Slide 15: Utilization of STARD 2015
Who can or should use the STARD 2015 list of essential items? Authors can use it to make certain that the report of their diagnostic accuracy study is thorough and complete. They can use the list as a structured guidance when writing the report or they can use it before submitting the report to a journal to make sure that all the essential items are reported, and incorporate those that are missing. Peer reviewers and journal editors can use it to assess the completeness of submitted reports of diagnostic accuracy studies, and identify essential items that are missing.
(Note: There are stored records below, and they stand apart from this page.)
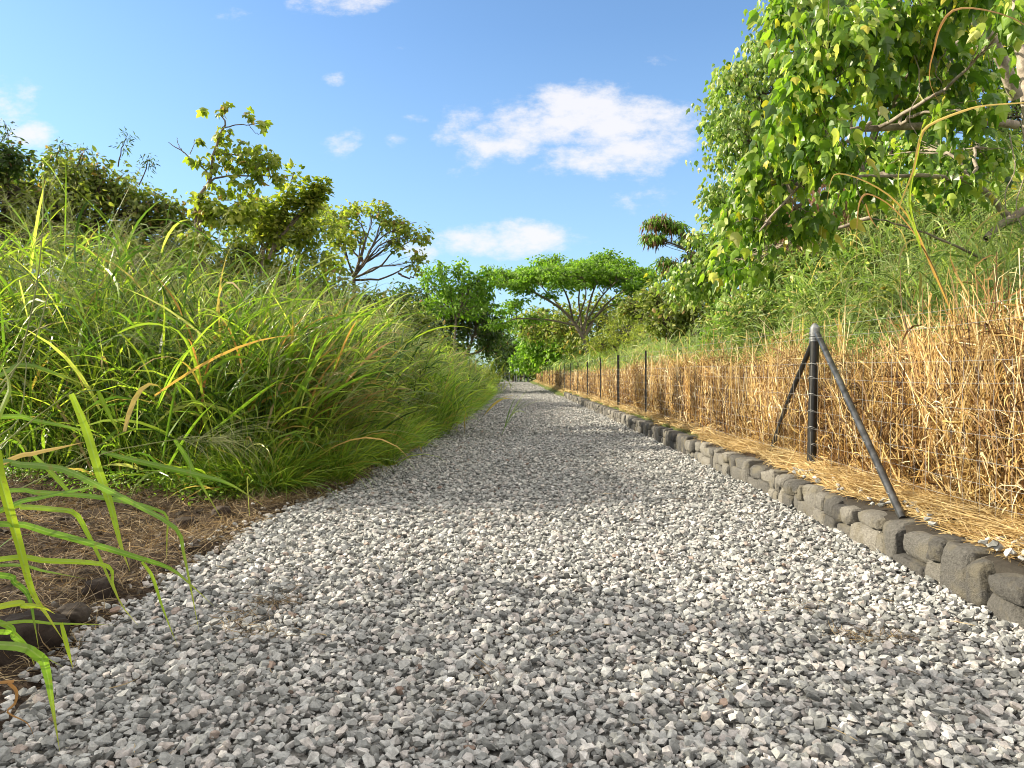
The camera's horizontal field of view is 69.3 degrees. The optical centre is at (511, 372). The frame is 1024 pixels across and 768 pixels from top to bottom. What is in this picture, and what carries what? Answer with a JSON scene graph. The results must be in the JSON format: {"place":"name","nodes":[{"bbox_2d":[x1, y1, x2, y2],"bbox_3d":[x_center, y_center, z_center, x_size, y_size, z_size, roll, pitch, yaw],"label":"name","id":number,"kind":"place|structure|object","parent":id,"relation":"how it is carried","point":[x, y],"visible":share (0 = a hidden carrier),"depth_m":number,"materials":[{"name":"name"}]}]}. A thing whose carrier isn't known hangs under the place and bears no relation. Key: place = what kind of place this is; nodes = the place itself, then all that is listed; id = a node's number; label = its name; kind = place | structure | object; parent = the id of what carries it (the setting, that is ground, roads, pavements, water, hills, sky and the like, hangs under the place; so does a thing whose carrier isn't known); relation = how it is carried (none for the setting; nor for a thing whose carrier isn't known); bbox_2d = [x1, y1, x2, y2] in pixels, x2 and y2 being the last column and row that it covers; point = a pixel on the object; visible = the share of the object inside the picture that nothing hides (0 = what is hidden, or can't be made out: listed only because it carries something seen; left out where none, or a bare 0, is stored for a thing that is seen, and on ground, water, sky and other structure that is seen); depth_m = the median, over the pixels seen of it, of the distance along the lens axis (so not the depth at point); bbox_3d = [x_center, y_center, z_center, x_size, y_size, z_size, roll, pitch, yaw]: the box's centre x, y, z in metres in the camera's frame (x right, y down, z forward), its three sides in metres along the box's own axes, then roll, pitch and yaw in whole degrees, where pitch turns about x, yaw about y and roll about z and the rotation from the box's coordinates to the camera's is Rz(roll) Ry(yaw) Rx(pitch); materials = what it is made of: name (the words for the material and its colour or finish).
{"place":"outdoors","nodes":[
{"label":"outdoors","id":0,"kind":"place"},
{"bbox_2d":[0,0,1022,347],"label":"sky","id":1,"kind":"structure","parent":0,"point":[516,130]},
{"bbox_2d":[0,380,1023,767],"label":"road","id":2,"kind":"structure","parent":0,"point":[28,702],"depth_m":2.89,"materials":[{"name":"grey gravel"}]},
{"bbox_2d":[0,373,1023,730],"bbox_3d":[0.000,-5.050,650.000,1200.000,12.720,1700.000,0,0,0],"label":"ground","id":3,"kind":"structure","parent":0,"point":[18,683],"depth_m":5.23,"materials":[{"name":"brown soil"}]},
{"bbox_2d":[0,609,70,667],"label":"rock","id":4,"kind":"object","parent":3,"relation":"on","point":[50,636],"visible":0.47,"depth_m":3.22,"materials":[{"name":"grey stone"}]},
{"bbox_2d":[55,602,90,622],"bbox_3d":[-2.125,1.178,3.596,0.156,0.108,0.131,0,0,0],"label":"rock","id":5,"kind":"object","parent":3,"relation":"on","point":[82,613],"visible":0.69,"depth_m":3.56,"materials":[{"name":"grey stone"}]},
{"bbox_2d":[0,118,160,299],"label":"twiggy tree","id":6,"kind":"object","parent":3,"relation":"on","point":[11,160],"visible":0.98,"depth_m":12.95,"materials":[{"name":"green plant"}]},
{"bbox_2d":[80,576,117,600],"bbox_3d":[-2.282,1.206,4.102,0.165,0.135,0.196,0,0,0],"label":"rock","id":7,"kind":"object","parent":3,"relation":"on","point":[103,583],"visible":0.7,"depth_m":4.04,"materials":[{"name":"stone"}]},
{"bbox_2d":[0,240,213,472],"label":"grass clump","id":8,"kind":"object","parent":3,"relation":"on","point":[3,321],"visible":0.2,"depth_m":8.14,"materials":[{"name":"green plant"}]},
{"bbox_2d":[0,144,215,280],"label":"spreading tree","id":9,"kind":"object","parent":3,"relation":"on","point":[98,189],"visible":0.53,"depth_m":14.29,"materials":[{"name":"green plant"}]},
{"bbox_2d":[0,185,292,750],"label":"broad leaved grass","id":10,"kind":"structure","parent":3,"relation":"on","point":[15,525],"depth_m":2.34,"materials":[{"name":"green plant"}]},
{"bbox_2d":[4,460,294,505],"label":"weeds","id":11,"kind":"object","parent":3,"relation":"on","point":[19,470],"visible":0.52,"depth_m":7.21,"materials":[{"name":"green plant"}]},
{"bbox_2d":[0,464,358,687],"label":"soil crumbs","id":12,"kind":"object","parent":3,"relation":"on","point":[192,547],"visible":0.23,"depth_m":5.44,"materials":[{"name":"brown soil"}]},
{"bbox_2d":[169,517,197,531],"bbox_3d":[-2.667,1.241,5.997,0.175,0.143,0.201,0,0,34],"label":"rock","id":13,"kind":"object","parent":3,"relation":"on","point":[183,522],"visible":0.48,"depth_m":5.95,"materials":[{"name":"grey stone"}]},
{"bbox_2d":[0,431,442,687],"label":"dead thatch","id":14,"kind":"object","parent":3,"relation":"on","point":[232,501],"visible":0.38,"depth_m":5.56,"materials":[{"name":"brown plant"}]},
{"bbox_2d":[211,505,233,518],"bbox_3d":[-2.466,1.194,6.301,0.184,0.127,0.152,0,0,0],"label":"rock","id":15,"kind":"object","parent":3,"relation":"on","point":[222,511],"visible":0.71,"depth_m":6.25,"materials":[{"name":"grey stone"}]},
{"bbox_2d":[168,101,288,300],"bbox_3d":[-4.989,-1.708,13.051,2.053,6.208,0.944,0,0,-14],"label":"sapling","id":16,"kind":"object","parent":3,"relation":"on","point":[208,211],"visible":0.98,"depth_m":12.97,"materials":[{"name":"green plant"}]},
{"bbox_2d":[89,228,400,323],"bbox_3d":[-4.813,-0.719,14.806,6.399,4.298,3.403,0,0,-34],"label":"hedge bush","id":17,"kind":"object","parent":3,"relation":"on","point":[247,247],"visible":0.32,"depth_m":14.21,"materials":[{"name":"green plant"}]},
{"bbox_2d":[0,152,498,515],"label":"tall grass","id":18,"kind":"structure","parent":3,"relation":"on","point":[129,407],"depth_m":8.02,"materials":[{"name":"green plant"}]},
{"bbox_2d":[0,155,494,467],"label":"seed heads","id":19,"kind":"object","parent":18,"relation":"on","point":[121,228],"visible":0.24,"depth_m":8.82,"materials":[{"name":"green plant"}]},
{"bbox_2d":[106,267,436,497],"bbox_3d":[-2.347,-0.003,7.877,3.136,2.449,4.502,0,0,0],"label":"grass clump","id":20,"kind":"object","parent":3,"relation":"on","point":[303,370],"visible":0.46,"depth_m":7.62,"materials":[{"name":"green plant"}]},
{"bbox_2d":[215,158,348,285],"bbox_3d":[-4.864,-1.341,15.201,2.968,5.515,2.616,0,0,0],"label":"young tree","id":21,"kind":"object","parent":3,"relation":"on","point":[282,227],"visible":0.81,"depth_m":14.26,"materials":[{"name":"green plant"}]},
{"bbox_2d":[107,382,501,504],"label":"verge grass","id":22,"kind":"structure","parent":3,"relation":"on","point":[341,466],"depth_m":7.75,"materials":[{"name":"green plant"}]},
{"bbox_2d":[227,335,446,475],"bbox_3d":[-2.025,0.428,8.568,2.730,1.754,2.672,0,0,44],"label":"grass clump","id":23,"kind":"object","parent":3,"relation":"on","point":[354,405],"visible":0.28,"depth_m":8.37,"materials":[{"name":"green plant"}]},
{"bbox_2d":[310,198,434,292],"bbox_3d":[-3.525,-1.448,18.093,3.000,5.976,2.787,0,0,-22],"label":"slender tree","id":24,"kind":"object","parent":3,"relation":"on","point":[399,228],"visible":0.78,"depth_m":17.96,"materials":[{"name":"green plant"}]},
{"bbox_2d":[359,293,464,360],"bbox_3d":[-4.152,-0.776,28.261,3.352,4.579,6.731,0,0,32],"label":"hedge bush","id":25,"kind":"object","parent":3,"relation":"on","point":[403,310],"visible":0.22,"depth_m":27.94,"materials":[{"name":"green plant"}]},
{"bbox_2d":[378,278,513,365],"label":"dark tree","id":26,"kind":"object","parent":3,"relation":"on","point":[485,340],"visible":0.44,"depth_m":47.54,"materials":[{"name":"green plant"}]},
{"bbox_2d":[415,256,499,352],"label":"spiky tree","id":27,"kind":"object","parent":3,"relation":"on","point":[447,294],"visible":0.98,"depth_m":42.77,"materials":[{"name":"green plant"}]},
{"bbox_2d":[395,359,530,437],"bbox_3d":[-0.956,0.396,14.409,3.308,1.674,2.772,0,0,0],"label":"grass clump","id":28,"kind":"object","parent":3,"relation":"on","point":[458,400],"visible":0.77,"depth_m":14.18,"materials":[{"name":"green plant"}]},
{"bbox_2d":[461,351,519,390],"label":"grass clump","id":29,"kind":"object","parent":3,"relation":"on","point":[494,372],"visible":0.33,"depth_m":44.03,"materials":[{"name":"green plant"}]},
{"bbox_2d":[475,332,540,381],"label":"dark tree","id":30,"kind":"object","parent":3,"relation":"on","point":[510,343],"visible":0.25,"depth_m":102.35,"materials":[{"name":"green plant"}]},
{"bbox_2d":[81,446,974,767],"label":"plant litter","id":31,"kind":"object","parent":3,"relation":"on","point":[853,636],"visible":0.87,"depth_m":3.47,"materials":[{"name":"brown plant"}]},
{"bbox_2d":[502,305,583,380],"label":"round tree","id":32,"kind":"object","parent":3,"relation":"on","point":[536,357],"visible":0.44,"depth_m":71.54,"materials":[{"name":"green plant"}]},
{"bbox_2d":[517,348,583,381],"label":"dark tree","id":33,"kind":"object","parent":3,"relation":"on","point":[534,373],"depth_m":99.38,"materials":[{"name":"green plant"}]},
{"bbox_2d":[478,248,664,365],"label":"umbrella tree","id":34,"kind":"object","parent":3,"relation":"on","point":[607,271],"visible":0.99,"depth_m":43.83,"materials":[{"name":"green plant"}]},
{"bbox_2d":[510,280,678,360],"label":"background tree","id":35,"kind":"object","parent":3,"relation":"on","point":[569,334],"visible":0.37,"depth_m":61.39,"materials":[{"name":"green plant"}]},
{"bbox_2d":[582,300,658,360],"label":"yellow bush","id":36,"kind":"object","parent":3,"relation":"on","point":[618,338],"visible":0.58,"depth_m":39.71,"materials":[{"name":"green plant"}]},
{"bbox_2d":[615,275,719,357],"bbox_3d":[5.402,-1.277,25.312,5.379,4.359,2.898,0,0,44],"label":"green bush","id":37,"kind":"object","parent":3,"relation":"on","point":[653,307],"visible":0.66,"depth_m":25.01,"materials":[{"name":"green plant"}]},
{"bbox_2d":[637,211,731,301],"bbox_3d":[7.165,-2.996,28.185,4.956,6.278,2.745,0,0,-23],"label":"feathery tree","id":38,"kind":"object","parent":3,"relation":"on","point":[665,226],"visible":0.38,"depth_m":27.81,"materials":[{"name":"green plant"}]},
{"bbox_2d":[697,294,786,352],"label":"green bush","id":39,"kind":"object","parent":3,"relation":"on","point":[710,332],"visible":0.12,"depth_m":15.50,"materials":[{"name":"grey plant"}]},
{"bbox_2d":[533,379,1023,563],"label":"straw","id":40,"kind":"object","parent":3,"relation":"on","point":[736,443],"visible":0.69,"depth_m":5.64,"materials":[{"name":"beige plant"}]},
{"bbox_2d":[536,248,1023,526],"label":"dry grass","id":41,"kind":"structure","parent":3,"relation":"on","point":[1010,479],"depth_m":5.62,"materials":[{"name":"beige plant"}]},
{"bbox_2d":[538,297,1023,524],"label":"wire fence","id":42,"kind":"object","parent":3,"relation":"on","point":[816,340],"visible":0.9,"depth_m":7.10,"materials":[{"name":"grey metal"}]},
{"bbox_2d":[539,105,1023,387],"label":"meadow grass","id":43,"kind":"structure","parent":3,"relation":"on","point":[574,362],"depth_m":10.03,"materials":[{"name":"green plant"}]},
{"bbox_2d":[564,392,1023,629],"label":"stone wall","id":44,"kind":"structure","parent":3,"relation":"on","point":[977,576],"depth_m":5.09,"materials":[{"name":"grey stone"}]},
{"bbox_2d":[567,347,1022,496],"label":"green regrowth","id":45,"kind":"object","parent":3,"relation":"on","point":[712,366],"visible":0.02,"depth_m":15.23,"materials":[{"name":"green plant"}]},
{"bbox_2d":[594,93,1023,374],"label":"meadow seed heads","id":46,"kind":"object","parent":3,"relation":"on","point":[888,253],"visible":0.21,"depth_m":9.16,"materials":[{"name":"plant"}]},
{"bbox_2d":[643,0,1023,329],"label":"lobed leaf tree","id":47,"kind":"object","parent":3,"relation":"on","point":[730,132],"visible":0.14,"depth_m":16.14,"materials":[{"name":"green plant"}]},
{"bbox_2d":[695,151,1023,349],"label":"feathery bush","id":48,"kind":"object","parent":3,"relation":"on","point":[792,257],"visible":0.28,"depth_m":12.86,"materials":[{"name":"green plant"}]},
{"bbox_2d":[765,164,895,263],"bbox_3d":[5.664,-2.846,13.569,1.698,2.911,2.750,0,0,-44],"label":"dead vine","id":49,"kind":"object","parent":48,"relation":"hanging from","point":[814,200],"visible":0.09,"depth_m":13.40,"materials":[{"name":"plant"}]},
{"bbox_2d":[697,0,1023,293],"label":"lobed leaf tree","id":50,"kind":"object","parent":3,"relation":"on","point":[852,41],"visible":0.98,"depth_m":7.43,"materials":[{"name":"green plant"}]},
{"bbox_2d":[848,267,949,342],"bbox_3d":[4.939,-0.189,9.417,1.277,2.387,0.963,0,0,43],"label":"green bush","id":51,"kind":"object","parent":3,"relation":"on","point":[887,288],"visible":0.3,"depth_m":9.46,"materials":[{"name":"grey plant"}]},
{"bbox_2d":[463,337,607,371],"bbox_3d":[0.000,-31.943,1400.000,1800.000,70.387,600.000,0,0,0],"label":"hill","id":52,"kind":"structure","parent":0,"point":[473,351],"depth_m":1175.94,"materials":[{"name":"green plant"}]},
{"bbox_2d":[827,7,1023,353],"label":"cane grass","id":53,"kind":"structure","parent":0,"point":[915,232],"depth_m":5.12,"materials":[{"name":"plant"}]}
]}

What are the advantages of using STARD 2015? If all essential applicable items are reported, the study will be more easily identified, easier to reproduce, and of value to the medical and scientific community. This is likely to improve the visibility and usefulness of study reports, thereby positively influencing its scientific impact. Adherence to reporting guidelines has also been positively associated with citation rates and journal impact factor. More than 200 journals now explicitly endorse STARD, including, for example, Lancet, JAMA, and Clinical Chemistry. This means that these journals require or recommend the use of STARD in their instructions to authors. Clinical Chemistry, for example, reports: “For studies of diagnostic accuracy of tests, complete the STARD Checklist for Evaluations of Diagnostic Accuracy electronically upon submission.”
Slide 16: Conclusions
In conclusion, suboptimal reporting of clinical diagnostic accuracy studies is considered to be one of the major sources of research waste, but one that is 100% preventable. Authors, peer reviewers, and journal editors should make every effort to ensure published study reports are sufficiently informative. STARD 2015 aims to improve the quality of reporting of diagnostic accuracy studies by providing a detailed list of 30 essential items that, if reported, facilitate the identification and reproducibility of the study, the assessment of risk of bias, and maximizes the clinical utility and applicability of the study.
Slide 17: References
Slide 18: Disclosures
Thank you for joining me on this Pearl of Laboratory Medicine on “Optimal Reporting of Diagnostic Accuracy Studies.”